=== Required action ===
Of all the entries below, only the lines from the one with "Circular stamp: [illegible]" up to and including the one with "Evidence by which" are to be duplicated exactly.

=== Extracted data entries ===

---+---

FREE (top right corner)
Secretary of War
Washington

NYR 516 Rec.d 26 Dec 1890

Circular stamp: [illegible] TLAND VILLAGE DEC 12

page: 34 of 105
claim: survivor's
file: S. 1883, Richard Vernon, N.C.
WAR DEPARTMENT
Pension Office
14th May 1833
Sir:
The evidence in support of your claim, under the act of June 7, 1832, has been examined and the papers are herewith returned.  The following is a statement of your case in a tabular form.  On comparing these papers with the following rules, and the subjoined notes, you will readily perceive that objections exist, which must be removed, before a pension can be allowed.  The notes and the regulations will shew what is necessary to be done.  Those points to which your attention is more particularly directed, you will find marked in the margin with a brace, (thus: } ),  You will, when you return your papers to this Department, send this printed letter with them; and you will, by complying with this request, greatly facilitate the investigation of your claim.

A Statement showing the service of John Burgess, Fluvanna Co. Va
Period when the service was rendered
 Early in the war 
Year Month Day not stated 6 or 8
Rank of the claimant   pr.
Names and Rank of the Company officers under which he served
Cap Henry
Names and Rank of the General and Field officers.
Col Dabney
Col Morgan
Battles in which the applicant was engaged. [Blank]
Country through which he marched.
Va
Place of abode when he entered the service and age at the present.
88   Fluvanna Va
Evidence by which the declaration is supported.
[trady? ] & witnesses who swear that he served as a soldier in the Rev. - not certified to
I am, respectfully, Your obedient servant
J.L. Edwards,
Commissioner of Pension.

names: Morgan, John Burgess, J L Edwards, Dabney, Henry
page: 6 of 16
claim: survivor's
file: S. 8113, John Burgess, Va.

---+---

=== Task response ===
Circular stamp: [illegible] TLAND VILLAGE DEC 12

page: 34 of 105
claim: survivor's
file: S. 1883, Richard Vernon, N.C.
WAR DEPARTMENT
Pension Office
14th May 1833
Sir:
The evidence in support of your claim, under the act of June 7, 1832, has been examined and the papers are herewith returned.  The following is a statement of your case in a tabular form.  On comparing these papers with the following rules, and the subjoined notes, you will readily perceive that objections exist, which must be removed, before a pension can be allowed.  The notes and the regulations will shew what is necessary to be done.  Those points to which your attention is more particularly directed, you will find marked in the margin with a brace, (thus: } ),  You will, when you return your papers to this Department, send this printed letter with them; and you will, by complying with this request, greatly facilitate the investigation of your claim.

A Statement showing the service of John Burgess, Fluvanna Co. Va
Period when the service was rendered
 Early in the war 
Year Month Day not stated 6 or 8
Rank of the claimant   pr.
Names and Rank of the Company officers under which he served
Cap Henry
Names and Rank of the General and Field officers.
Col Dabney
Col Morgan
Battles in which the applicant was engaged. [Blank]
Country through which he marched.
Va
Place of abode when he entered the service and age at the present.
88   Fluvanna Va
Evidence by which the declaration is supported.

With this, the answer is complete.